** WHAT IS NEEDED **
What you give back must match the records below exactly, apart from the pictures, which are omitted.

Records from a collection
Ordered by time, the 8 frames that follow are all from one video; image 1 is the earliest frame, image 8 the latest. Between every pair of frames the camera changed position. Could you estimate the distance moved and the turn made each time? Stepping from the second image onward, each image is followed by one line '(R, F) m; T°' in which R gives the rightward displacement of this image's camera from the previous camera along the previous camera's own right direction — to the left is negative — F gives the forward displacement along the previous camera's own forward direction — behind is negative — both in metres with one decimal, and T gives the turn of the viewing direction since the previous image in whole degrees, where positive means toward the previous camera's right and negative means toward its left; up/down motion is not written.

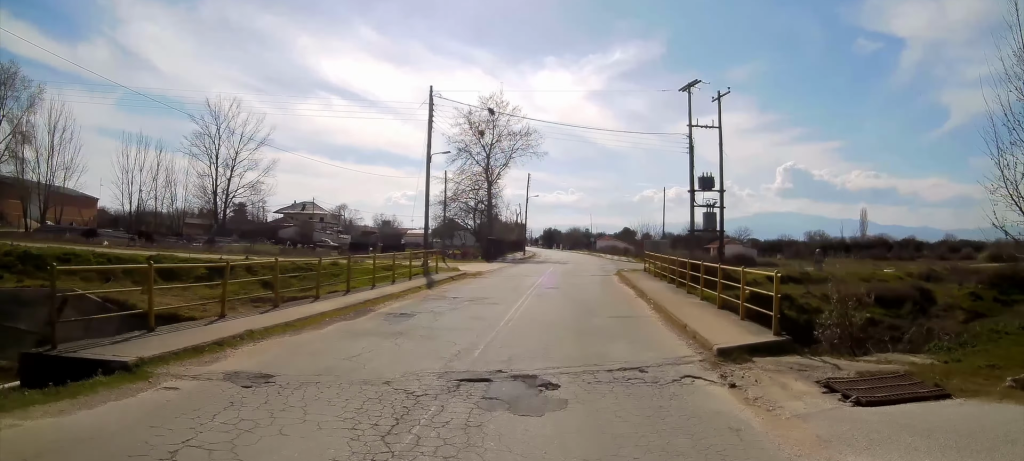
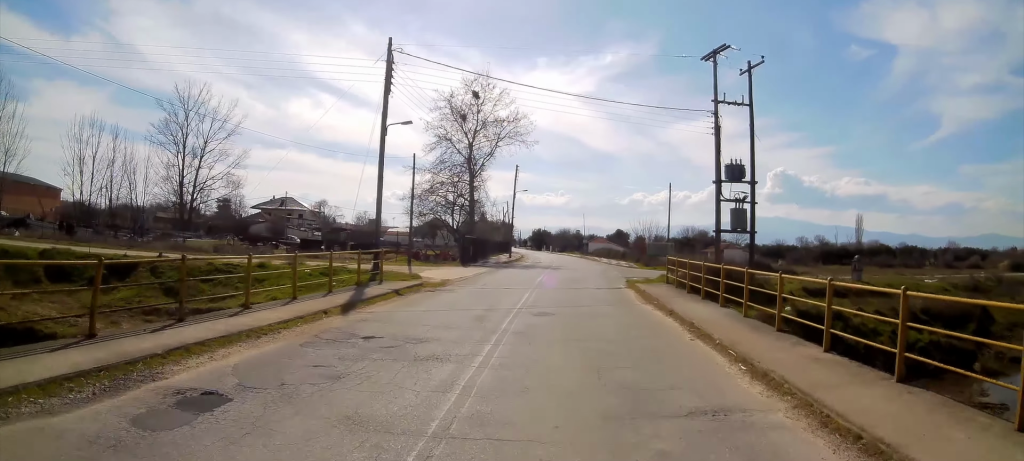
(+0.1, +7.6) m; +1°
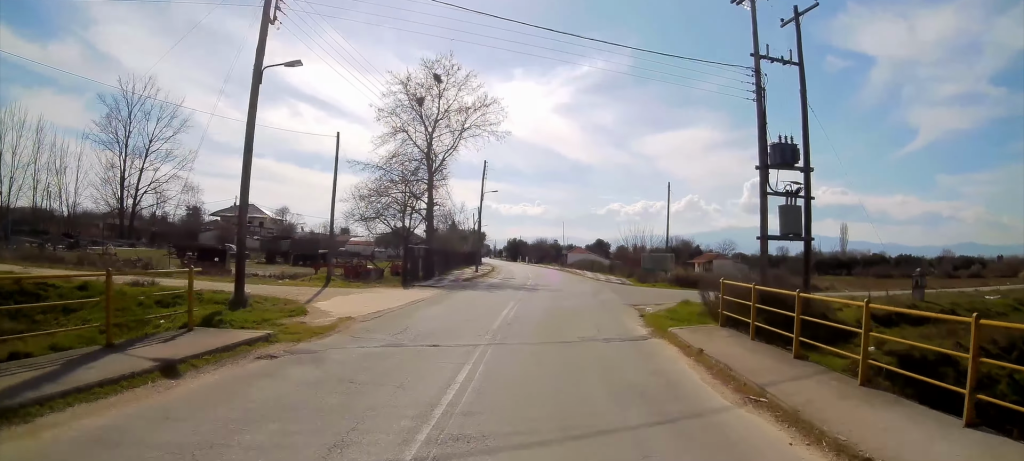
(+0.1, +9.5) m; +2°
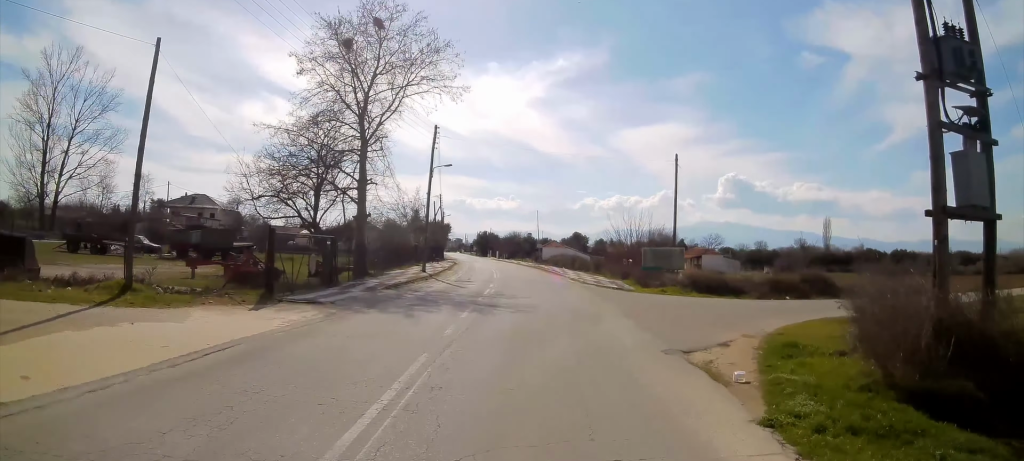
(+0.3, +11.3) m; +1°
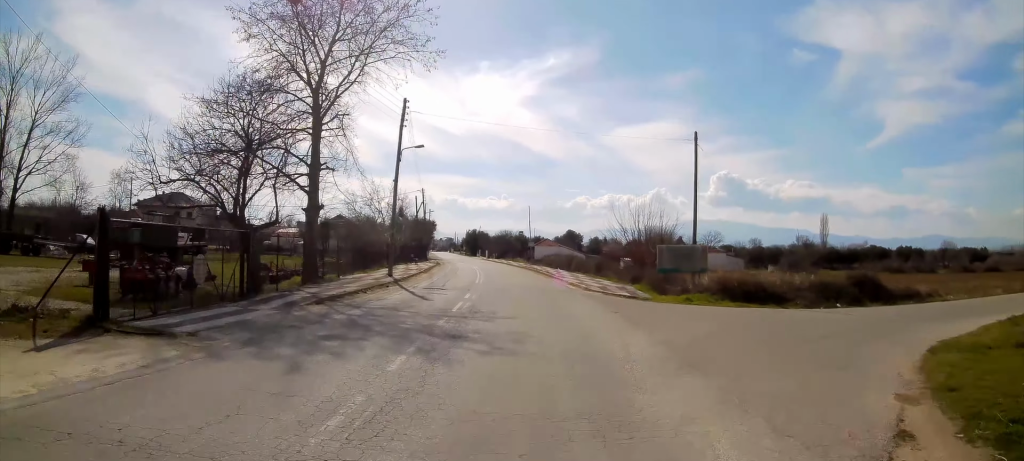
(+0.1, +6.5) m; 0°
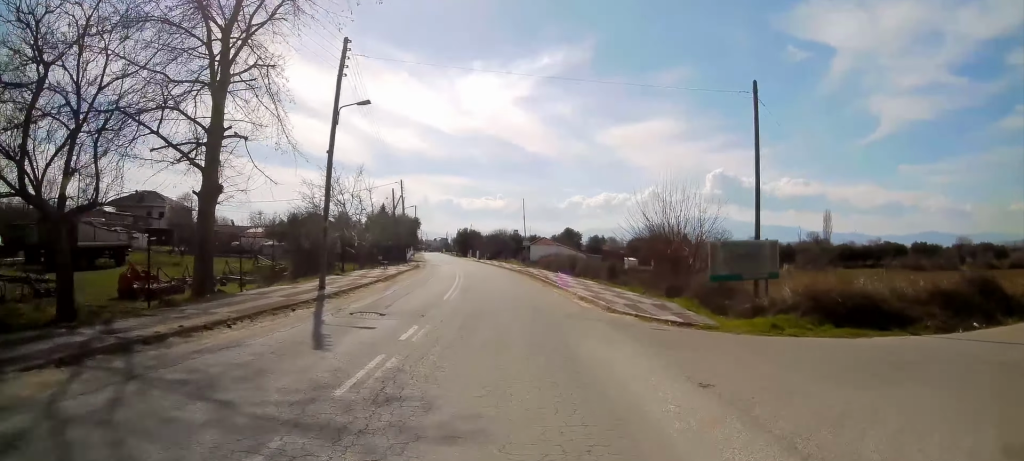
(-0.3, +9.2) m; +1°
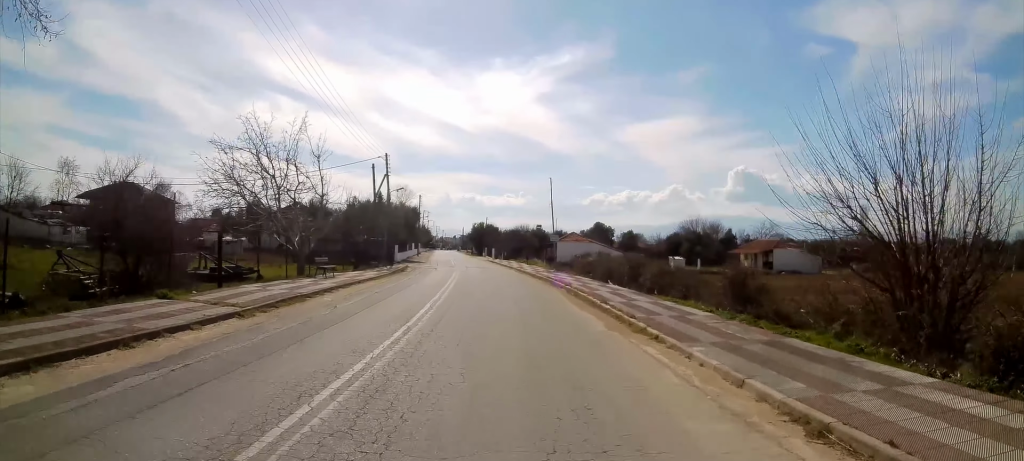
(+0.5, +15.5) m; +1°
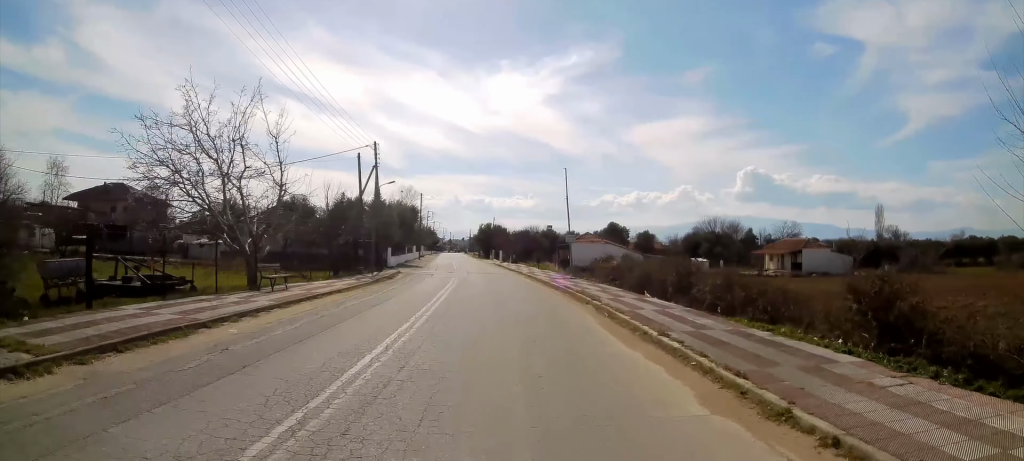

** WRITTEN ANSWER **
Ordered by time, the 8 frames that follow are all from one video; image 1 is the earliest frame, image 8 the latest. Between every pair of frames the camera changed position. Could you estimate the distance moved and the turn made each time? Stepping from the second image onward, each image is followed by one line '(R, F) m; T°' in which R gives the rightward displacement of this image's camera from the previous camera along the previous camera's own right direction — to the left is negative — F gives the forward displacement along the previous camera's own forward direction — behind is negative — both in metres with one decimal, and T gives the turn of the viewing direction since the previous image in whole degrees, where positive means toward the previous camera's right and negative means toward its left; up/down motion is not written.

(+0.1, +7.6) m; +1°
(+0.1, +9.5) m; +2°
(+0.3, +11.3) m; +1°
(+0.1, +6.5) m; 0°
(-0.3, +9.2) m; +1°
(+0.5, +15.5) m; +1°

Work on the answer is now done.